• [Data extracted from a collection]:
•••

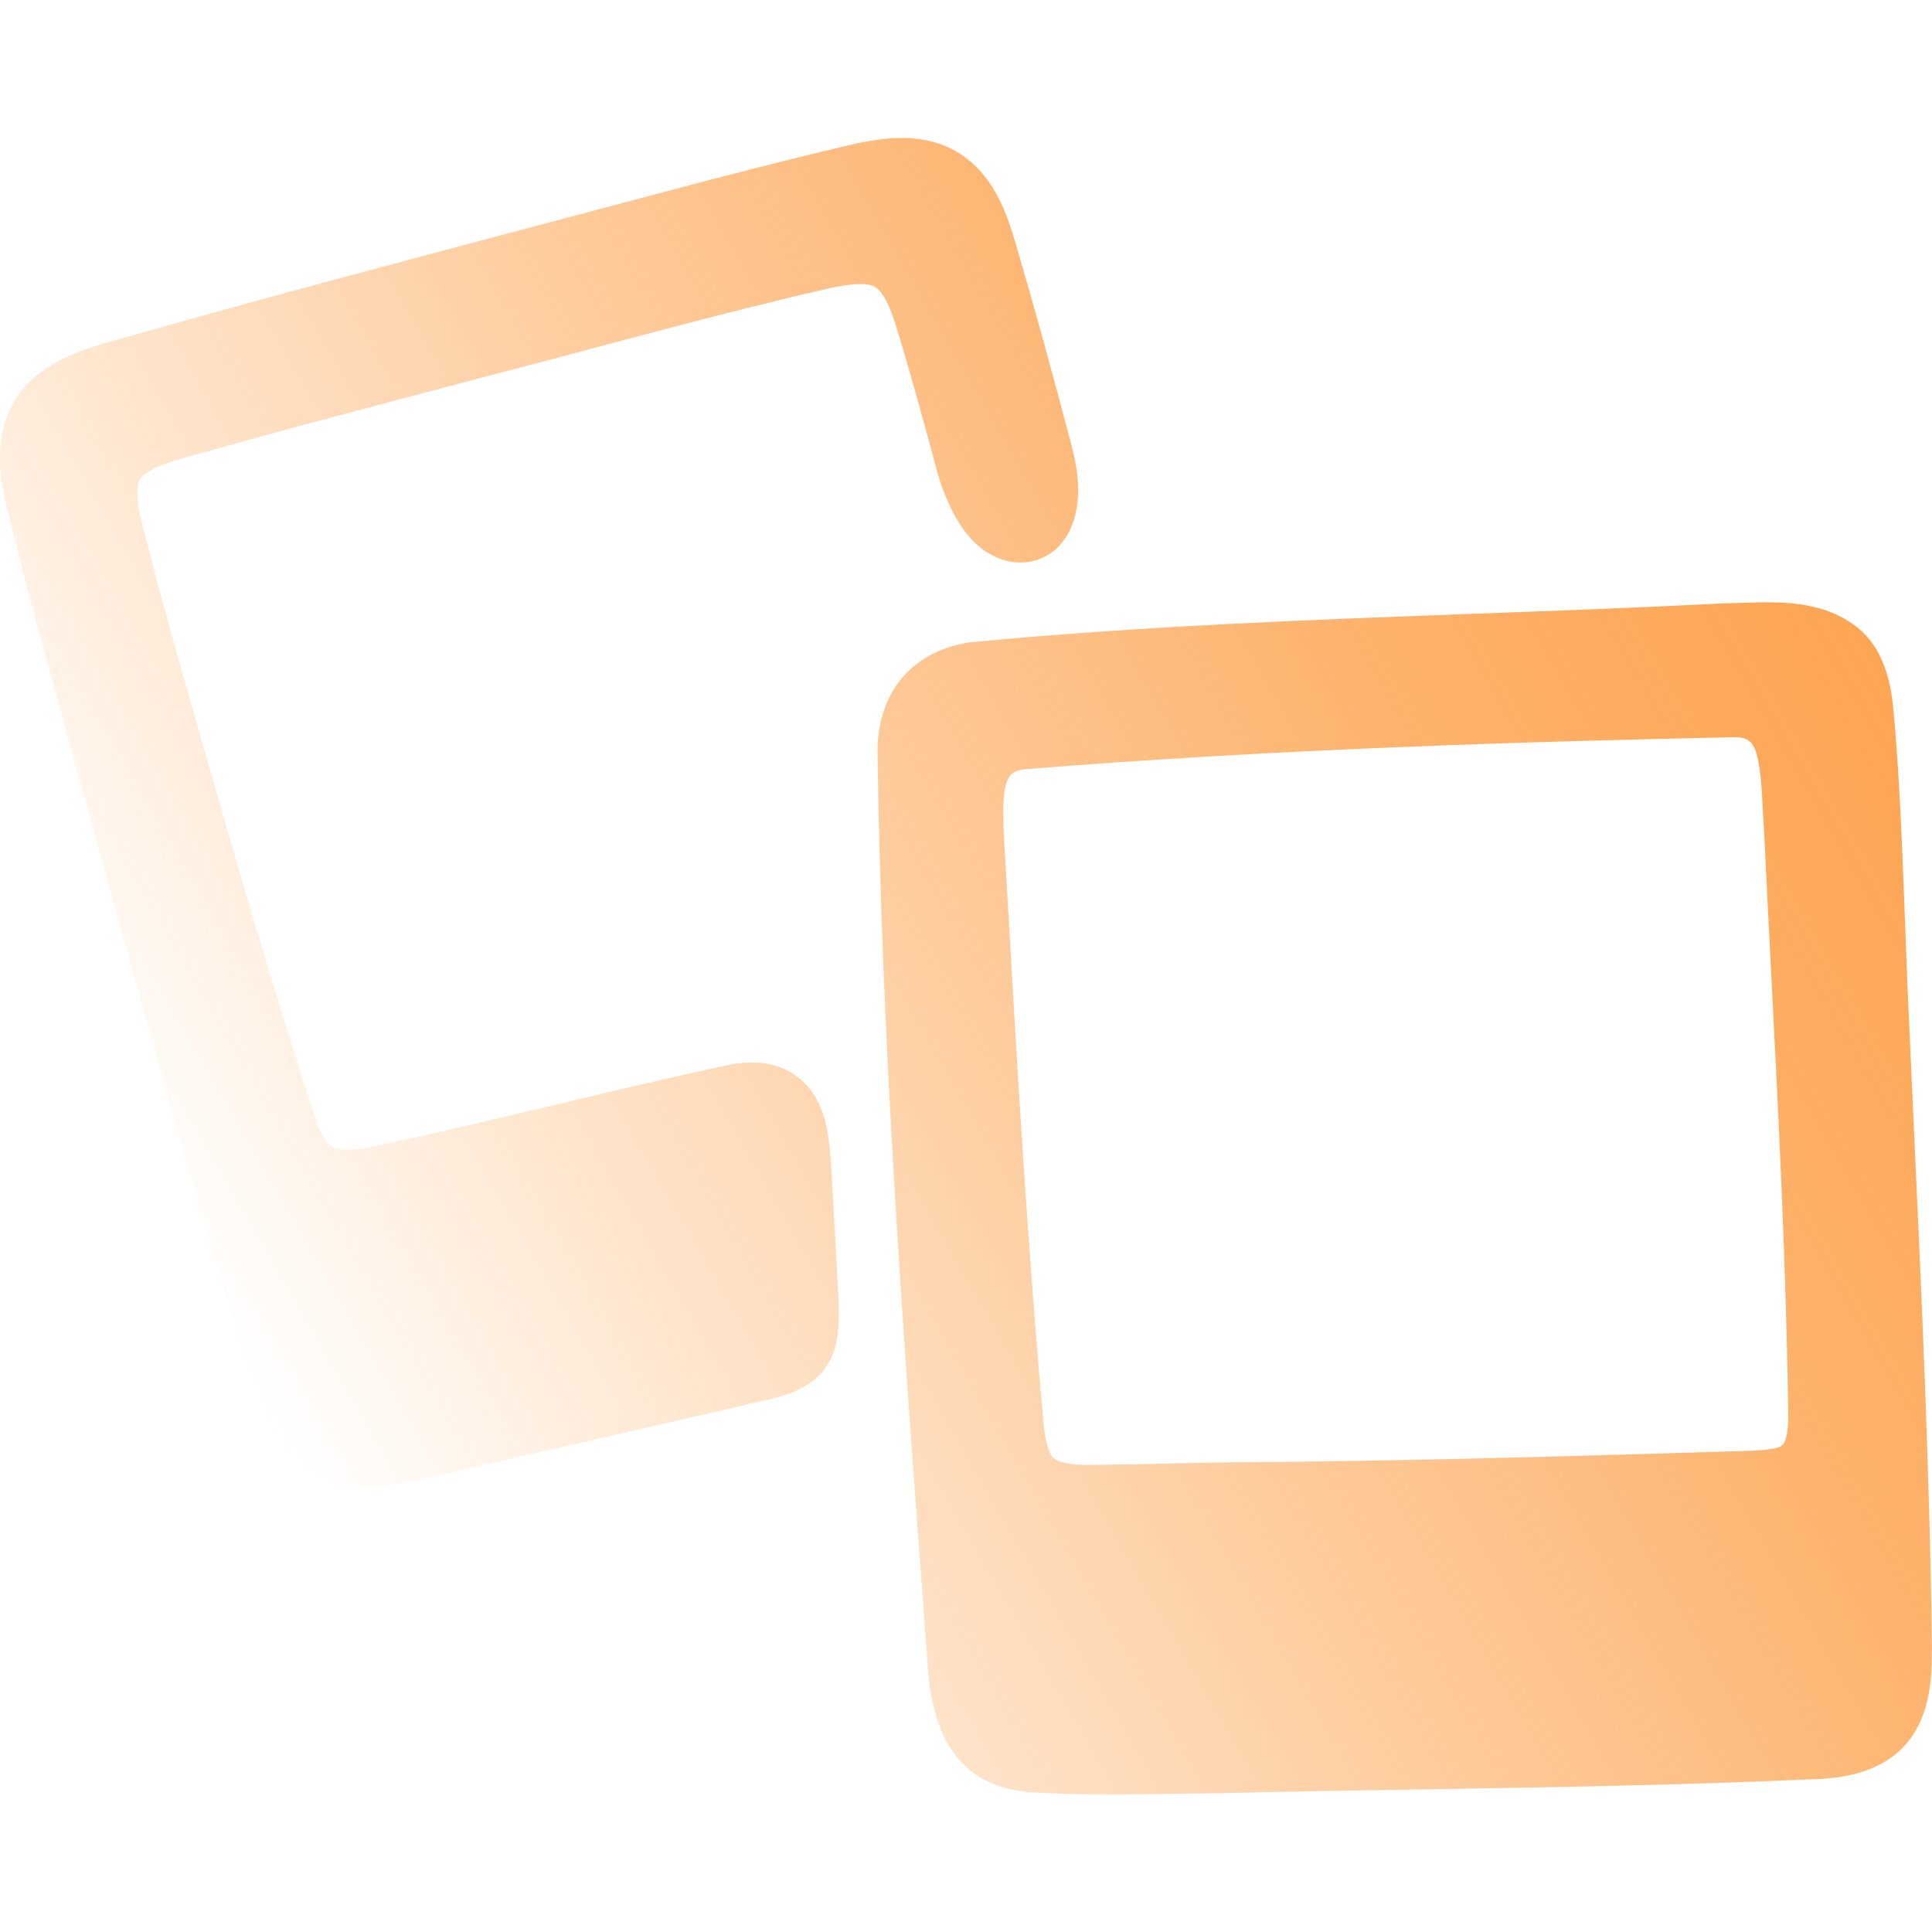 <?xml version="1.0" encoding="UTF-8"?>
<svg id="Layer_1" data-name="Layer 1" xmlns="http://www.w3.org/2000/svg" xmlns:xlink="http://www.w3.org/1999/xlink" viewBox="0 0 400 400">
  <defs>
    <style>
      .cls-1 {
        fill: url(#linear-gradient);
      }
    </style>
    <linearGradient id="linear-gradient" x1="378.59" y1="117.29" x2="59.43" y2="301.56" gradientUnits="userSpaceOnUse">
      <stop offset="0" stop-color="#fc8f28" stop-opacity=".8"/>
      <stop offset=".1" stop-color="#fc8f28" stop-opacity=".76"/>
      <stop offset=".27" stop-color="#fc8f28" stop-opacity=".67"/>
      <stop offset=".47" stop-color="#fc8f28" stop-opacity=".51"/>
      <stop offset=".72" stop-color="#fc8f28" stop-opacity=".29"/>
      <stop offset=".99" stop-color="#fc8f28" stop-opacity=".01"/>
      <stop offset="1" stop-color="#fc8f28" stop-opacity="0"/>
    </linearGradient>
  </defs>
  <path class="cls-1" d="M399.99,341.57c-.43-36.07-2.11-72.65-3.74-108.02-.45-9.73-.89-19.46-1.32-29.17-.19-4.6-.36-9.21-.53-13.83-.36-9.7-.73-19.73-1.33-29.62-.24-3.85-.54-8.38-.95-12.76-.37-4.33-1.15-13.3-7.7-18.35l-.21-.17c-7.08-5.39-16.01-5.09-23.18-4.85-1.1.04-2.19.07-3.23.09h-.34c-17.09.88-34.54,1.53-51.42,2.15-34.5,1.27-70.17,2.58-105.16,5.94l-.66.09c-11.16,1.97-17.92,9.68-18.53,21.17l-.02.28v.28c.78,60.28,5.34,121.7,9.75,181.1l.27,3.62c.05.76.1,1.53.15,2.31.61,9.62,1.76,27.54,21.29,29.22l.22.02c5.62.34,11.3.44,16.94.44,4.65,0,9.27-.07,13.82-.14,2.81-.04,5.61-.09,8.4-.11h.12c13.78-.33,27.81-.56,41.37-.78,26.55-.43,54-.88,81.03-2.1,3.67-.09,14.37-.4,20.18-8.02,4.42-5.5,4.83-13.35,4.75-18.77ZM212.1,159.27c51.73-4.19,103.53-5.72,147.45-6.65,3.37.26,4.78,1.27,5.39,14.31.08,1.65.16,3.36.29,5.02.46,9.73.96,19.46,1.46,29.2,1.54,29.97,3.12,60.97,3.54,91.47.1,4.11-.7,5.97-.99,6.31l-.36.37c-1.1.92-5.87,1.05-8.16,1.12l-1.31.04c-35.48,1.09-70.17,2.08-104.61,2.3-4.93.07-9.85.18-14.78.29l-5.52.12c-1.6-.02-3.22.02-4.8.07-4.49.12-9.58.27-11.64-1.39-.01-.01-1.45-1.24-2-7.11-3.38-37.38-5.57-75.59-7.68-112.55l-.56-9.7c-.59-12.02,1.12-12.7,4.27-13.23ZM216.97,114.87c-3.78,2.31-8.51,2.1-12.66-.55l-.23-.15c-6.98-4.54-9.9-15.75-10.39-17.83l-.31-1.14c-2.49-9.15-5.06-18.6-7.88-27.73-.59-1.88-2.16-6.93-4.45-8.12l-.12-.06c-.86-.46-3.31-1.01-10.02.57-5.97,1.37-11.85,2.82-16.31,3.94-8.32,2.09-16.65,4.28-22.97,5.95-10.97,2.95-22.15,5.89-32.97,8.73-17.53,4.61-35.66,9.38-53.42,14.31-1.42.44-2.9.84-4.33,1.22-4.7,1.27-10.53,2.85-12.09,5.44-1.17,2.66.34,8.2,1.56,12.67.51,1.86,1.03,3.79,1.44,5.67,1.63,6.16,3.38,12.42,5.07,18.47l2.52,8.85c8.32,29.2,16.92,59.38,26.64,88.49,1.8,4.16,3.52,4.29,4.67,4.37,2.87.24,6.59-.58,10.18-1.37l.4-.09c10.96-2.37,22.11-5.03,32.89-7.6,12-2.86,24.41-5.82,36.69-8.42,5.76-1.18,10.52-.34,14.23,2.48,6,4.56,6.52,12.11,6.94,18.17l.05.72c.45,7.92,1.03,18.17,1.4,25.11l.04.88c.14,2.99.3,6.38-.31,9.7-1.76,9.63-10.84,11.53-15.72,12.56-1.3.27-2.53.53-3.67.86l-.45.12-42.48,9.75c-3.31.73-6.8,1.54-10.23,2.33-6.18,1.43-12.01,2.77-16.38,3.62-2.82.59-5.46.89-7.92.89-4.9,0-9.12-1.18-12.77-3.54-3.9-2.5-6.93-6.38-9.21-11.85l-.26-.69c-13.11-41.22-24.83-83.69-36.16-124.76-2.71-9.81-5.41-19.61-8.13-29.39-2.82-10.3-5.05-18.8-7.05-26.77l-.05-.21c-.23-1.02-.49-2.06-.75-3.11-1.67-6.72-3.75-15.08.48-23.43,4.04-7.81,12.99-11.1,19.37-12.91,30.24-8.64,61.13-16.83,91.01-24.74,9.85-2.61,19.69-5.22,29.53-7.84,12.76-3.36,23.09-5.95,32.53-8.18,6.68-1.63,14.48-2.9,21.24.18,9.44,4.21,12.41,14.23,14.19,20.22,4.19,14.22,7.99,28.28,11.14,40.17.64,2.38,1.33,5.22,1.6,8.02.7,7.41-1.54,13.26-6.14,16.07Z"/>
</svg>

•••

• [TASK OBJECTIVE]: Go through the entries above and copy each line holding the string "stop".

• [COMPLETED EXERCISE]:
      <stop offset="0" stop-color="#fc8f28" stop-opacity=".8"/>
      <stop offset=".1" stop-color="#fc8f28" stop-opacity=".76"/>
      <stop offset=".27" stop-color="#fc8f28" stop-opacity=".67"/>
      <stop offset=".47" stop-color="#fc8f28" stop-opacity=".51"/>
      <stop offset=".72" stop-color="#fc8f28" stop-opacity=".29"/>
      <stop offset=".99" stop-color="#fc8f28" stop-opacity=".01"/>
      <stop offset="1" stop-color="#fc8f28" stop-opacity="0"/>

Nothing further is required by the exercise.